DIRECTIONS FOR THIS TASK
In your copy, the records appear word for word and the pictures do not appear at all.

·····

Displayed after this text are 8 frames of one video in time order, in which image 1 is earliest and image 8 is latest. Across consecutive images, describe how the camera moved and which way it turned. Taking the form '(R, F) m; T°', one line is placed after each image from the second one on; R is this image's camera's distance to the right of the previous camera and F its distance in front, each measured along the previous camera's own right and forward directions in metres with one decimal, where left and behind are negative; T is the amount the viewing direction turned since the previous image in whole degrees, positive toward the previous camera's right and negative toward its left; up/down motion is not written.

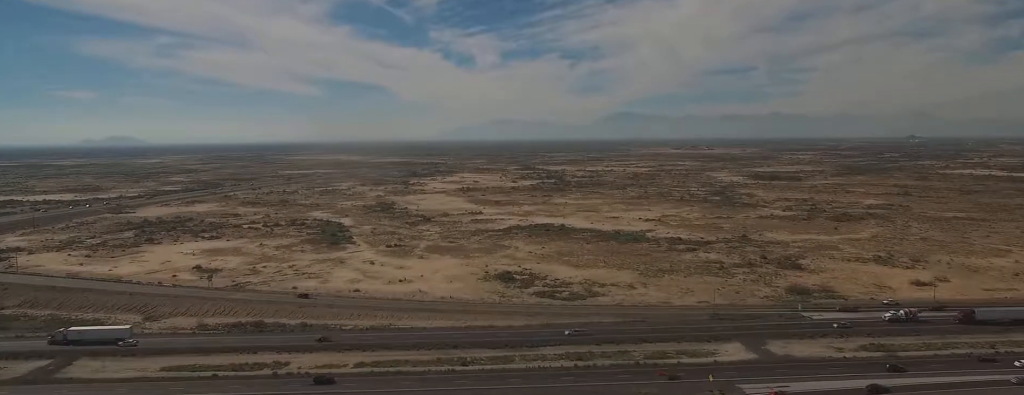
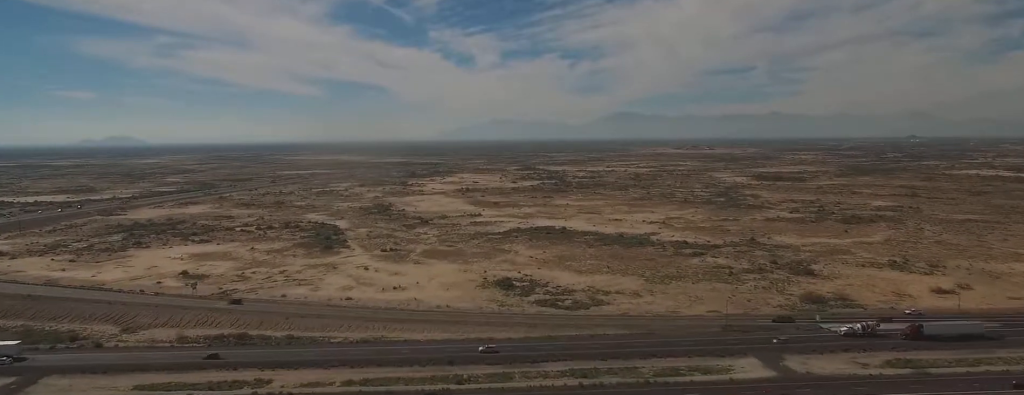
(+0.1, +10.8) m; 0°
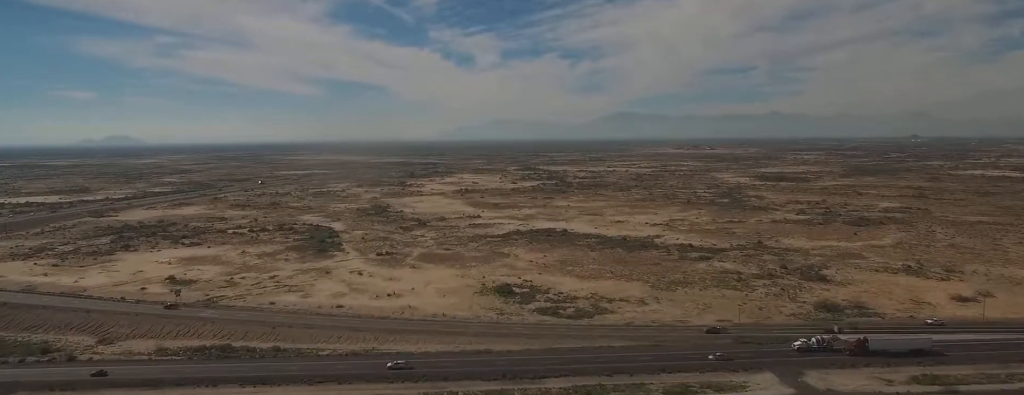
(0.0, +9.6) m; 0°
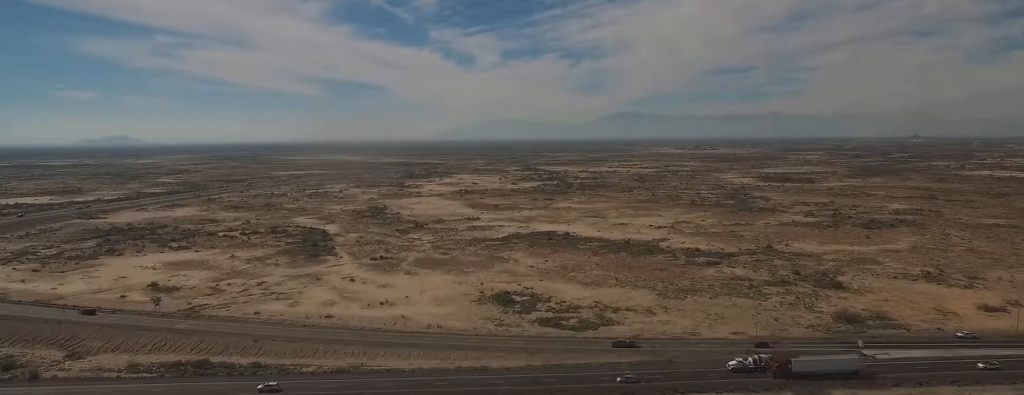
(0.0, +11.4) m; 0°
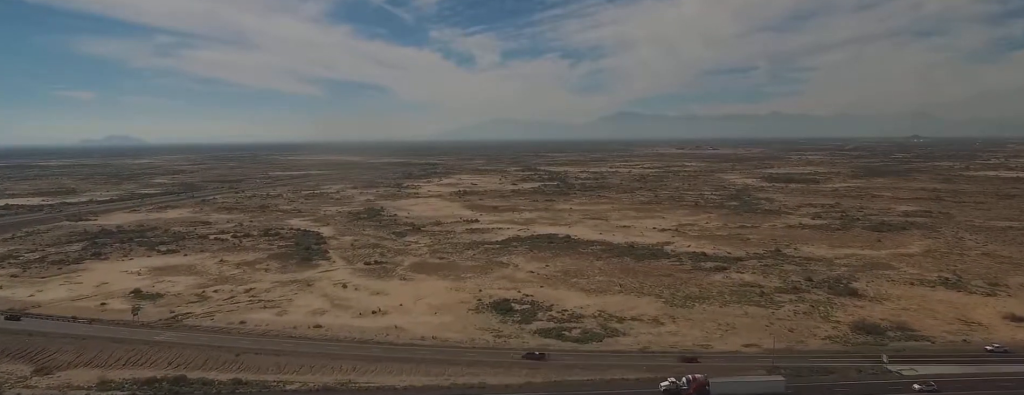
(0.0, +10.2) m; 0°
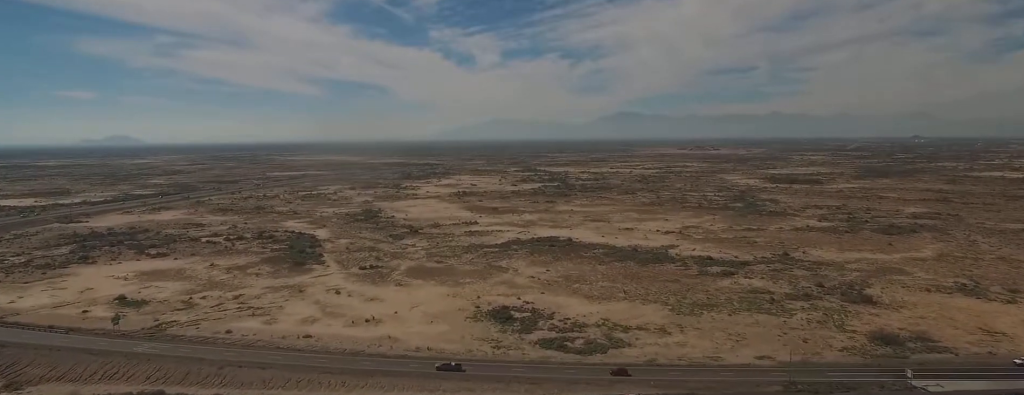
(0.0, +8.7) m; 0°
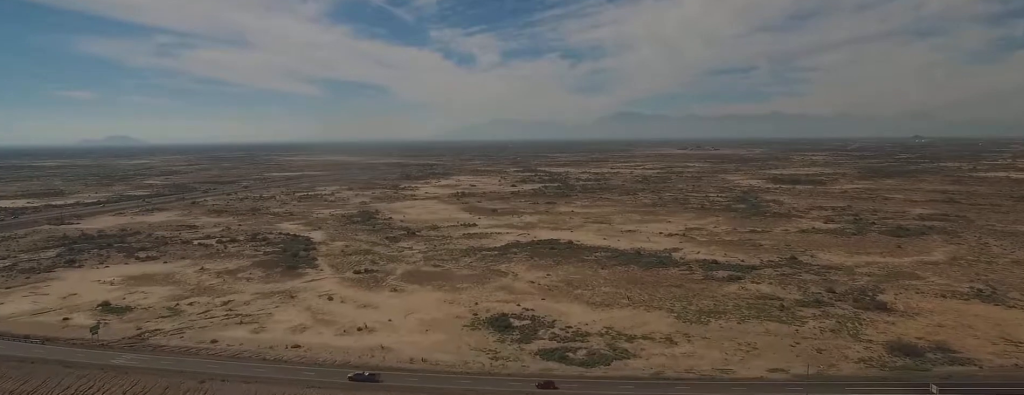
(0.0, +8.2) m; 0°
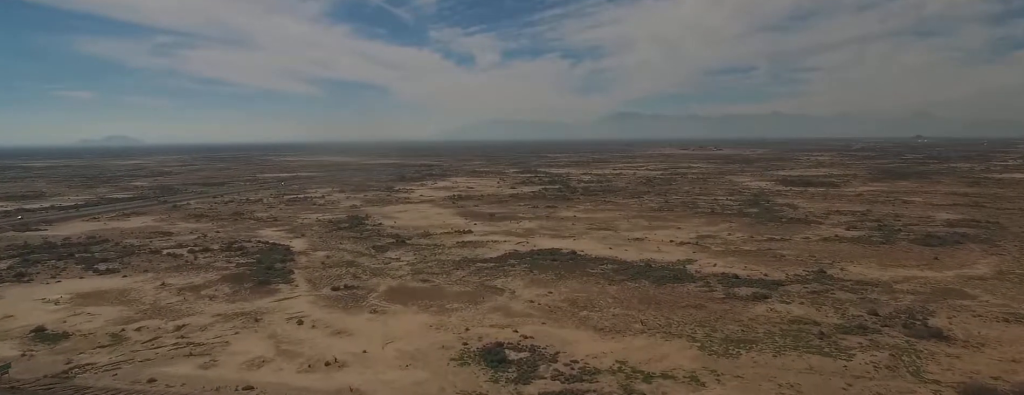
(-0.3, +28.9) m; -1°

·····

ANSWER TO THIS EXERCISE
Displayed after this text are 8 frames of one video in time order, in which image 1 is earliest and image 8 is latest. Across consecutive images, describe how the camera moved and which way it turned. Taking the form '(R, F) m; T°', one line is placed after each image from the second one on; R is this image's camera's distance to the right of the previous camera and F its distance in front, each measured along the previous camera's own right and forward directions in metres with one decimal, where left and behind are negative; T is the amount the viewing direction turned since the previous image in whole degrees, positive toward the previous camera's right and negative toward its left; up/down motion is not written.

(+0.1, +10.8) m; 0°
(0.0, +9.6) m; 0°
(0.0, +11.4) m; 0°
(0.0, +10.2) m; 0°
(0.0, +8.7) m; 0°
(0.0, +8.2) m; 0°
(-0.3, +28.9) m; -1°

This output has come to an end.